Someone had put a contract on a snow leopard shifter, one of his kind, and he wanted the details.

He wanted to know why Hartt wouldn’t give the job to him.

Silvery fur rippled over his forearms before he could stop it, a brief flash of his other form brought out by his agitation. He sucked down a breath and controlled it, his skin cooling as the fur disappeared.

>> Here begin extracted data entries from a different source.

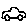
Label: car
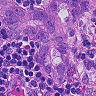
Metastatic tissue present: yes
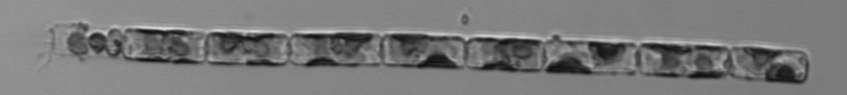
Label: Guinardia_delicatula_TAG_internal_parasite
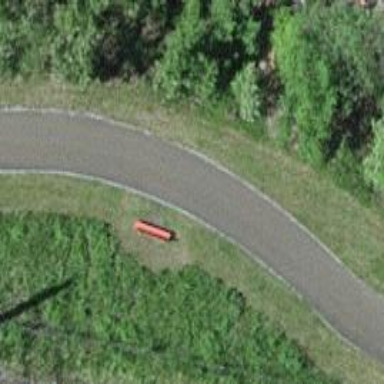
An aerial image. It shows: Red bench.
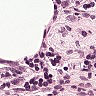
Metastatic tissue present: no
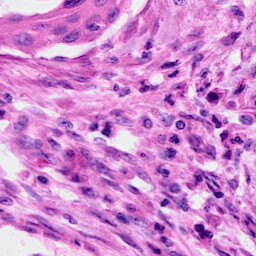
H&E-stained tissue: Cervix
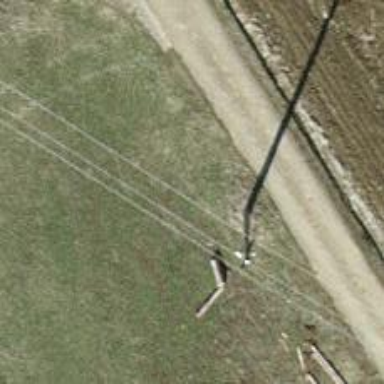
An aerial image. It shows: Minor power line.
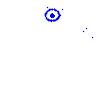
Particle: pion
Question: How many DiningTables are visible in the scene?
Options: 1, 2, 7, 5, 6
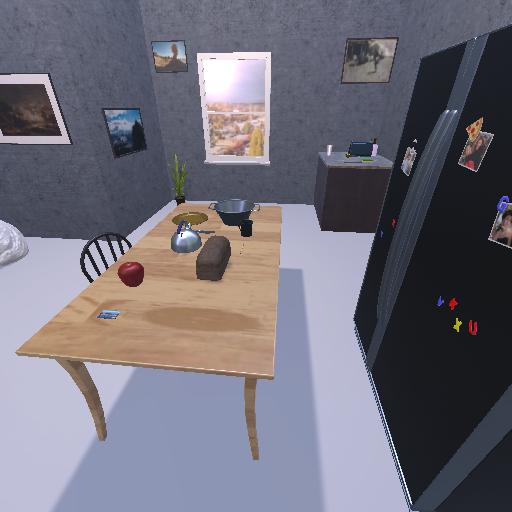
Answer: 1
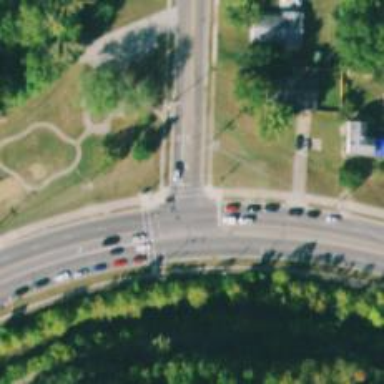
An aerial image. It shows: Crossing on the cycleway.
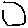
Label: hexagon
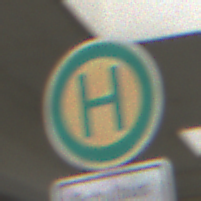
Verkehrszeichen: Haltestelle
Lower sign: ZeitangabenMitBeschraenkungAufWochentage5
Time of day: Midday
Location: Roofed (Urban)
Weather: Overcast
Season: NotSpecified
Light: Artificial
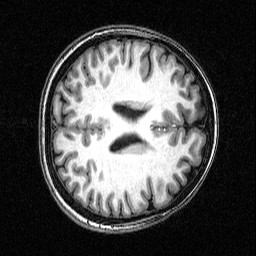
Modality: T1w
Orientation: axial
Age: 27
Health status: healthy
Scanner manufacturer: siemens
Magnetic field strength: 3 T
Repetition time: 2.5 s
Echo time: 0.00393 s
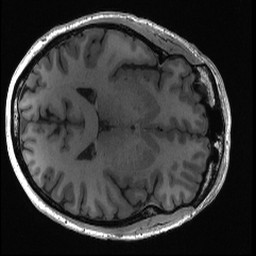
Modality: T1w
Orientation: axial
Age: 46
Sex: male
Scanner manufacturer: ge
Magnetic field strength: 3 T
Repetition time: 0.006376 s
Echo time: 0.002868 s
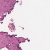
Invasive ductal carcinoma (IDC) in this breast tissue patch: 0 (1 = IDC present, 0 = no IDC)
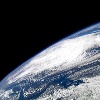
Label: cloud
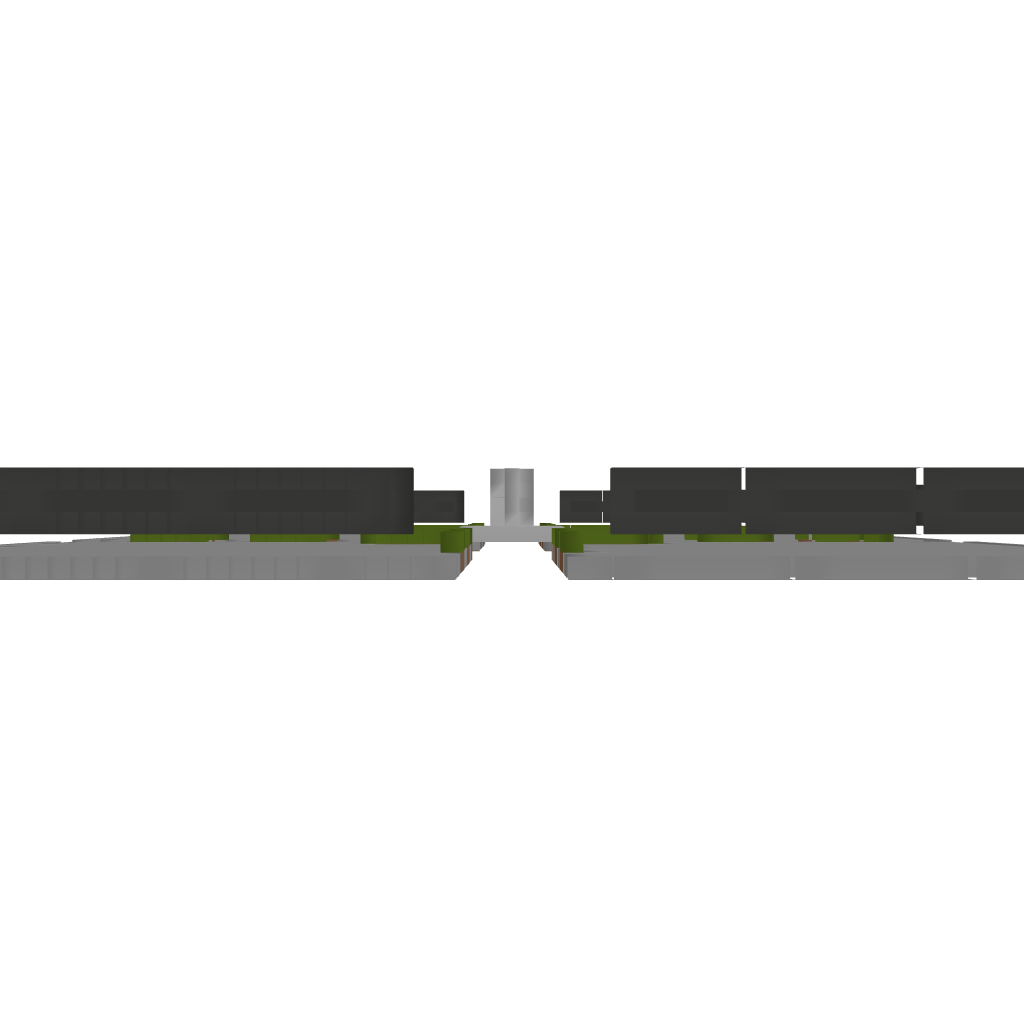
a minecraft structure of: Roman Garden
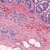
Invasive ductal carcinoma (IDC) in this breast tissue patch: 1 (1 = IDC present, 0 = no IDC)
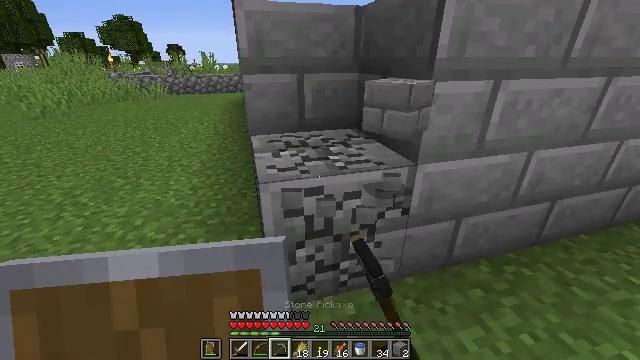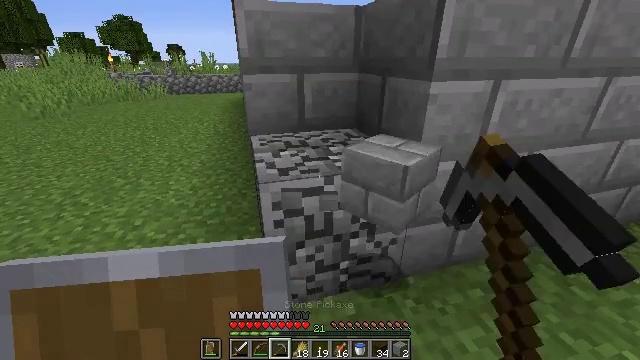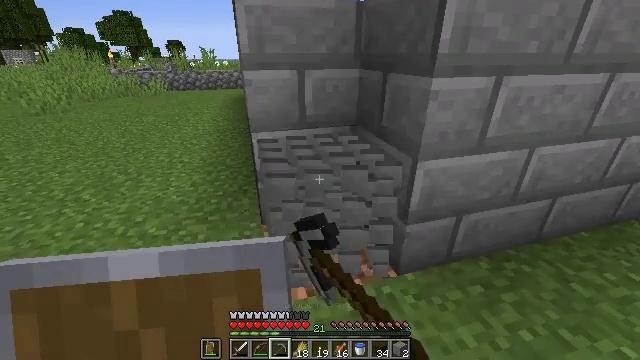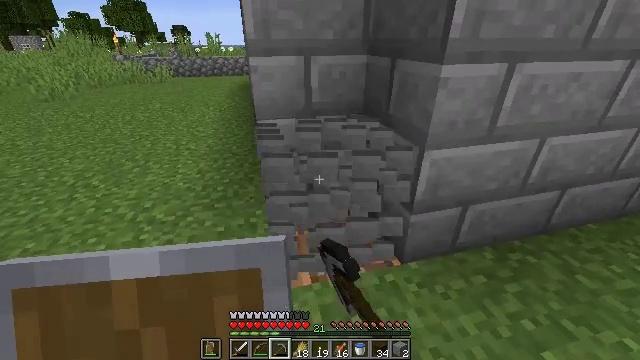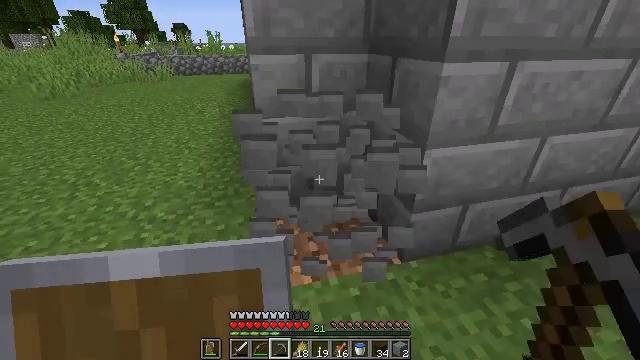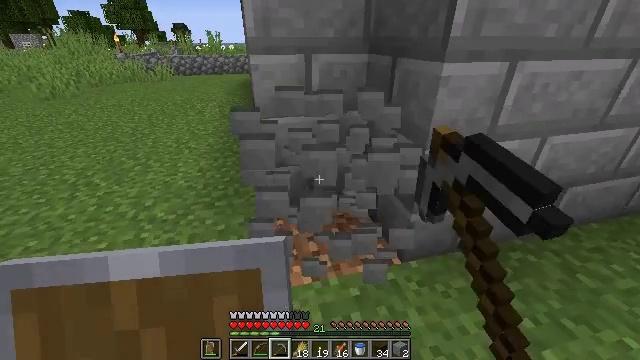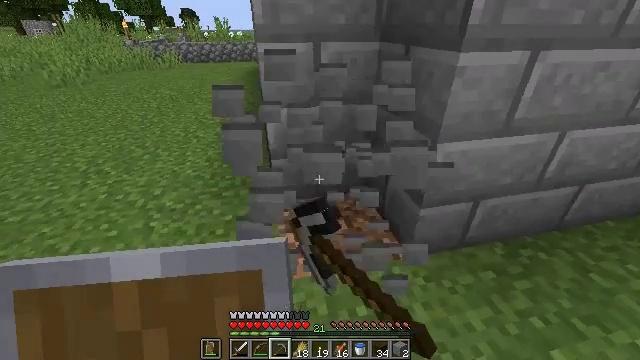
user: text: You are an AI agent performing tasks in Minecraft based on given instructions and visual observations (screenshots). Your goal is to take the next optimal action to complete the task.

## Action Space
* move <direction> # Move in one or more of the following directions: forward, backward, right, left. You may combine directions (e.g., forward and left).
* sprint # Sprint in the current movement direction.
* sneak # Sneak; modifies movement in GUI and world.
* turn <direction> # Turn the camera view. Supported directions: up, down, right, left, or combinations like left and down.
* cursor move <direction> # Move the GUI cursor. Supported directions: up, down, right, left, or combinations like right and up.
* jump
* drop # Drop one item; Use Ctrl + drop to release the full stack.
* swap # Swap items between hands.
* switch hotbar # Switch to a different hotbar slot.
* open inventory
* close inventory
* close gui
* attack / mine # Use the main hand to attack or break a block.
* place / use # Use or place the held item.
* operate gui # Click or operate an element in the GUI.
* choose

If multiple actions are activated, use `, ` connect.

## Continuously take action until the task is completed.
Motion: motion action
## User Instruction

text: Get stone bricks for construction purposes.
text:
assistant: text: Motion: attack / mine
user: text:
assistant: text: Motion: attack / mine
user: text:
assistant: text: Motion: turn left and down, attack / mine
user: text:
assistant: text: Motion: attack / mine
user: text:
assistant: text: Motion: attack / mine
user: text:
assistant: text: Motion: move forward, turn left and down, attack / mine
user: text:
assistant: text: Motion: turn down, attack / mine
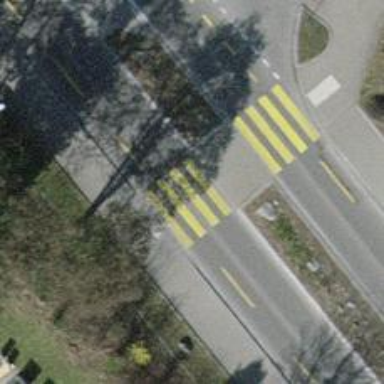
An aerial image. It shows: Uncontrolled road crossing with markings.
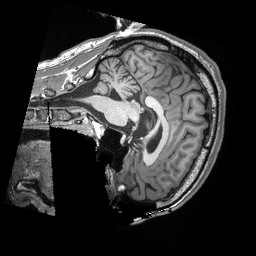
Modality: T1w
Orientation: sagittal
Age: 29
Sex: male
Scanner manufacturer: siemens
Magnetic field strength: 3 T
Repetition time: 2.3 s
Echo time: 0.00308 s
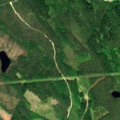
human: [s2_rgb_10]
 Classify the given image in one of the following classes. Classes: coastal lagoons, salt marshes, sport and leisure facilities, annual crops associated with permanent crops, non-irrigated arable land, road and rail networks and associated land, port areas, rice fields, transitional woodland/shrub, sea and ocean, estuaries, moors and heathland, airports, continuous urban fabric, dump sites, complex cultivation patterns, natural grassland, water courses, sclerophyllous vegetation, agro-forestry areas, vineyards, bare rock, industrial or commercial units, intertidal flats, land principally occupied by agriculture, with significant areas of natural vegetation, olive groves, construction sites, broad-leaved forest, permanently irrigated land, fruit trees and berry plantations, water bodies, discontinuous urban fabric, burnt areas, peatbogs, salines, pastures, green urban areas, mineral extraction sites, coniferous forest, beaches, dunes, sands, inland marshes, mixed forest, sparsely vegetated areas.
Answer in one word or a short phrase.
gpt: coniferous forest, mixed forest, transitional woodland/shrub
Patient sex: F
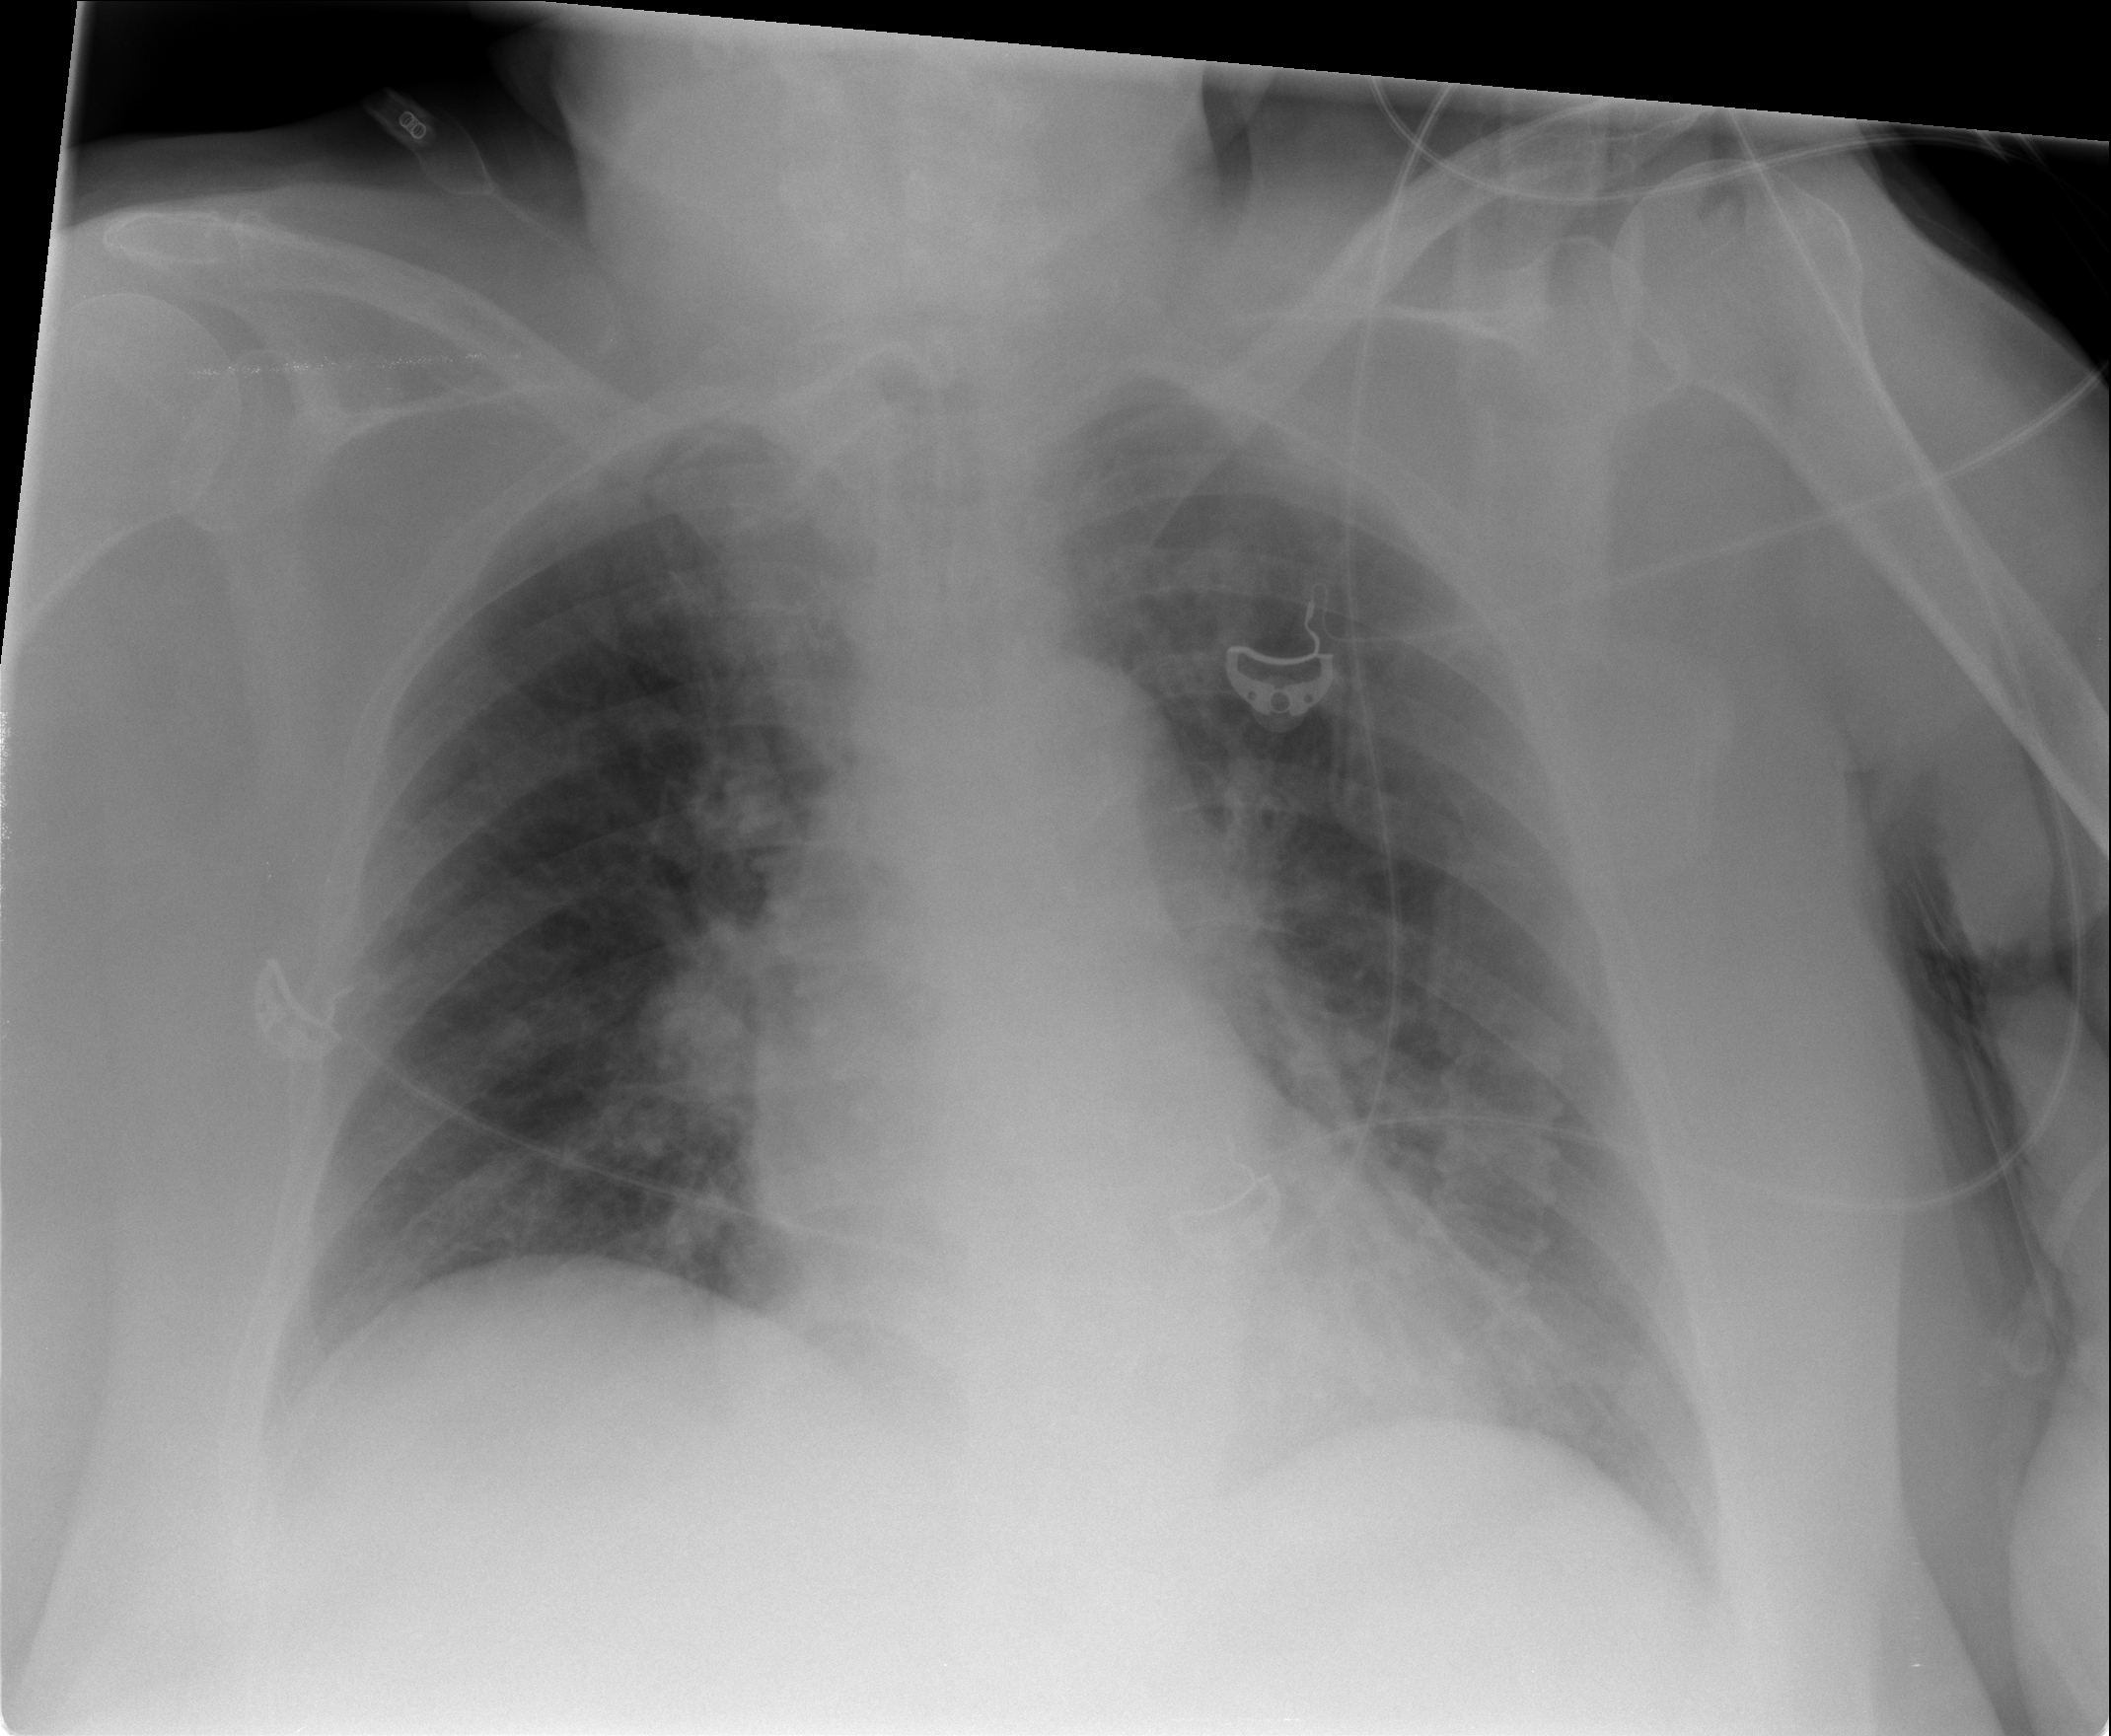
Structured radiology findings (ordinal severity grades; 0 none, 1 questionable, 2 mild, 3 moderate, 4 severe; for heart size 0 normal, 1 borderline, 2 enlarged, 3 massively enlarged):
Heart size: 0
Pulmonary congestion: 1
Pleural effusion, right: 0
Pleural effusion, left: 0
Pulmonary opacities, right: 0
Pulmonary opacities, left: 0
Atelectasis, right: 0
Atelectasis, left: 1
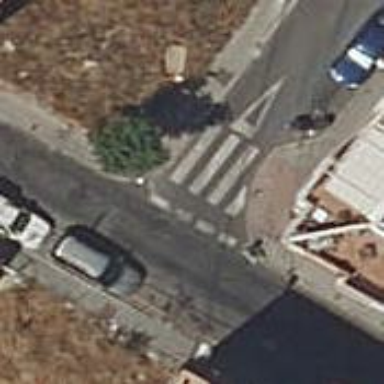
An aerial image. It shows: Unmarked crossing on the road.
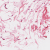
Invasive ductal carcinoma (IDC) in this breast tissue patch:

It wasn’t as if he held any allegiance to his kin anymore. He had burned that bridge twenty years ago and there was no way in Hell of reconstructing the charred remains of it. The thought that Hartt believed he was incapable of dealing with a snow leopard shifter mark was insulting. He could be as methodical and removed from the situation as he always was. The rage that had consumed him in the aftermath of the event that had driven him from his pride had made sure of that. It had killed all of his softer emotions and only a hunger for bloodshed and death remained.

He passed several doors to other offices, his own included, his gaze locked on the black door at the end of the corridor ahead of him. If Hartt was in an interview, the assassin in question was about to get a rude interruption and shown the door in a not too friendly fashion.

Harbin slammed the flat of his left palm into the door and it flew open.

Hartt was instantly on his feet behind the broad ebony desk directly in front of Harbin, an obsidian blade clutched in his left hand and his skin-tight black armour sweeping over his body as his clothes evaporated. His violet eyes pinned on Harbin and his pointed ears flared back as he bared his fangs on a hiss.